A.M.A. Mawla, T. Darwich, M.H. Sayyouh, K. Abdel-Fattah
Cairo University
Egypt
Different correlations applied to each segment of a well bore provide better pressure-loss estimates than a single-correlation for the entire well.
Four widely used multiphase-flow correlations have been defined on superficial velocities maps. Generally, a Duns and Ros correlation is best for mist flow regime (high gas velocity), but high water cut reduces its accuracy dramatically. Both Hagedorn and Brown, and Beggs and Brill correlations can give good results in case of high water cut.
No correlation can be satisfactorily applied in the transition region from bubble to slug regimes.
To develop and verify this approach, actual field multiphase-flow data points were obtained from different naturally flowing and gas lifted oil wells in four different Gulf of Suez fields.
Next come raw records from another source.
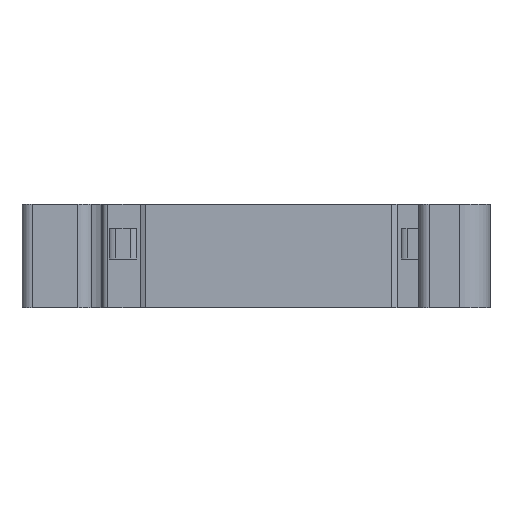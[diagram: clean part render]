
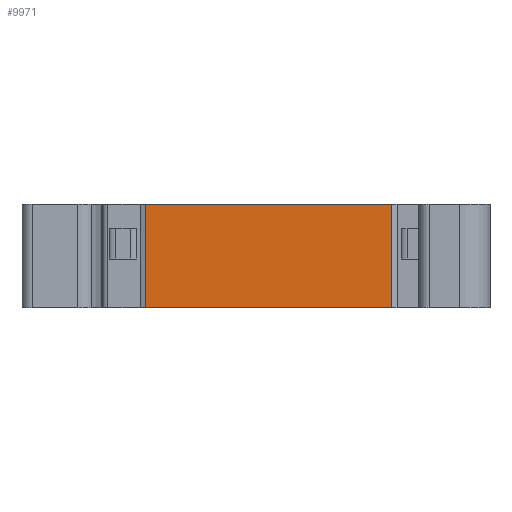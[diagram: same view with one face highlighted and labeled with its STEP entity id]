
A CAD part, front view. The second image highlights one B-rep face of the part: STEP entity #9971.
In plain terms, the highlighted planar face has unit normal (0, -1, 0).
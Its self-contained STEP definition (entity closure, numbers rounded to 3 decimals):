
#541=DIRECTION('',(1.,0.,0.));
#542=VECTOR('',#541,24.1);
#543=CARTESIAN_POINT('',(-14.,0.,
0.));
#544=LINE('',#543,#542);
#3282=DIRECTION('',(0.,0.,1.));
#3283=VECTOR('',#3282,10.15);
#3284=CARTESIAN_POINT('',(10.1,0.,
-10.15));
#3285=LINE('',#3284,#3283);
#3286=DIRECTION('',(0.,0.,1.));
#3287=VECTOR('',#3286,10.15);
#3288=CARTESIAN_POINT('',(-14.,0.,
-10.15));
#3289=LINE('',#3288,#3287);
#3290=DIRECTION('',(-1.,0.,0.));
#3291=VECTOR('',#3290,24.1);
#3292=CARTESIAN_POINT('',(10.1,0.,
-10.15));
#3293=LINE('',#3292,#3291);
#3779=CARTESIAN_POINT('',(-14.,0.,
-10.15));
#3780=VERTEX_POINT('',#3779);
#3781=CARTESIAN_POINT('',(10.1,0.,
-10.15));
#3782=VERTEX_POINT('',#3781);
#4302=CARTESIAN_POINT('',(-14.,0.,
0.));
#4303=VERTEX_POINT('',#4302);
#4304=CARTESIAN_POINT('',(10.1,0.,
0.));
#4305=VERTEX_POINT('',#4304);
#9959=CARTESIAN_POINT('',(-18.947,0.,
0.257));
#9960=DIRECTION('',(0.,-1.,0.));
#9961=DIRECTION('',(-1.,0.,0.));
#9962=AXIS2_PLACEMENT_3D('',#9959,#9960,#9961);
#9963=PLANE('',#9962);
#9965=ORIENTED_EDGE('',*,*,#9964,.T.);
#9966=ORIENTED_EDGE('',*,*,#4983,.T.);
#9967=ORIENTED_EDGE('',*,*,#9944,.F.);
#9968=ORIENTED_EDGE('',*,*,#4799,.T.);
#9969=EDGE_LOOP('',(#9965,#9966,#9967,#9968));
#9970=FACE_OUTER_BOUND('',#9969,.F.);
#4799=EDGE_CURVE('',#3782,#3780,#3293,.T.);
#4983=EDGE_CURVE('',#4303,#4305,#544,.T.);
#9944=EDGE_CURVE('',#3782,#4305,#3285,.T.);
#9964=EDGE_CURVE('',#3780,#4303,#3289,.T.);
#9971=ADVANCED_FACE('',(#9970),#9963,.T.);

After testing various pressure-volume-temperature (PVT) correlations against actual PVT data, the best correlations for different PVT properties for each particular field were identified.
These best correlations, subsequently were used to calculate multiphase-flow pressure drop. The error analysis of different multiphase-flow correlations has been related to the in situ flowing conditions. The applicable ranges of the most widely used correlations have been defined on two-dimensional superficial velocity maps.
Multiphase flow
Multiphase flow in the petroleum industry occurs nearly in each component of the production system, such as production tubing, surface flow lines, risers, gathering lines, and pipelines.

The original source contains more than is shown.